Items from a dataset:
----
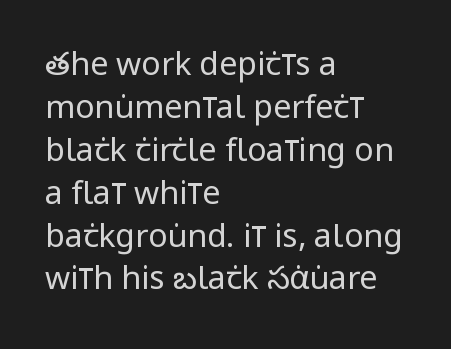
{"serif": "no", "italic": "no", "bold": "no", "weight": "regular", "width": "condensed", "stroke_contrast": "low", "x_height": "large", "monospaced": "no", "underline": "no", "align": "left", "line_spacing": "normal", "line_spacing_ratio": 1.34, "letter_spacing": "normal", "letter_spacing_em": 0.0, "glyph_px": 32}
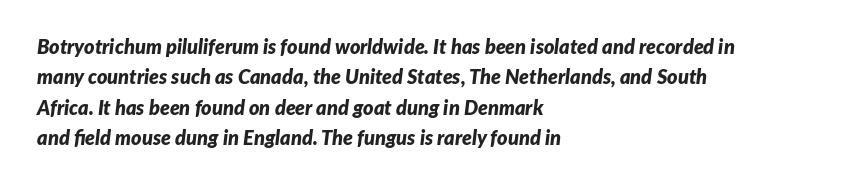
Q: Is the text bold? A: Yes.
Q: Is the text italic (slanted)? A: Yes, it leans right by about 7 degrees.
Q: Is the text underlined? A: No.
Q: How is the paragraph aligned? A: Left-aligned.
Q: Is the spacing between letters normal or unusually wide? A: Normal.
Q: Is the spacing between lines tight, normal or loose? A: Normal.
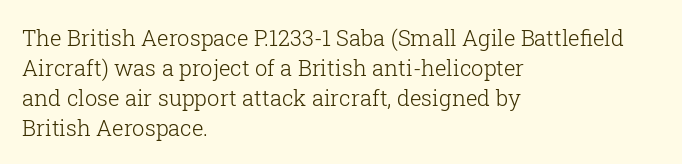
Q: Is the text bold? A: No.
Q: Is the text italic (slanted)? A: No, it is upright.
Q: Is the text underlined? A: No.
Q: How is the paragraph aligned? A: Left-aligned.
Q: Is the spacing between letters normal or unusually wide? A: Normal.
Q: Is the spacing between lines tight, normal or loose? A: Normal.
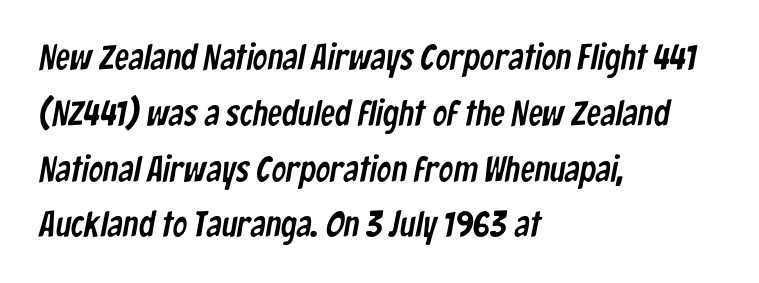
Q: Is the typeface a serif or a sans-serif typeface? A: Sans-serif.
Q: Is the text underlined? A: No.
Q: How is the paragraph aligned? A: Left-aligned.
Q: Is the spacing between letters normal or unusually wide? A: Normal.
Q: Is the spacing between lines tight, normal or loose? A: Normal.
Q: Width (condensed, normal, or wide)? A: Condensed.
Q: Stroke contrast? A: Low.
Q: x-height? A: Medium.
Q: Monospaced? A: No.
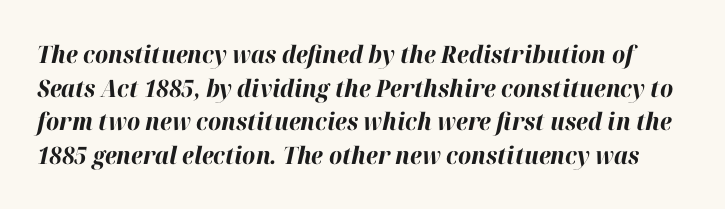
Q: Is the text bold? A: Yes.
Q: Is the text italic (slanted)? A: Yes, it leans right by about 12 degrees.
Q: Is the text underlined? A: No.
Q: Is the spacing between letters normal or unusually wide? A: Normal.
Q: Is the spacing between lines tight, normal or loose? A: Normal.
----
### ACTIVITY
Each line from the one with "about 12 degrees." through the last line of the records must be written out word for word. Include nothing else.

### ANSWER SPACE
Q: Is the text italic (slanted)? A: Yes, it leans right by about 12 degrees.
Q: Is the text underlined? A: No.
Q: Is the spacing between letters normal or unusually wide? A: Normal.
Q: Is the spacing between lines tight, normal or loose? A: Normal.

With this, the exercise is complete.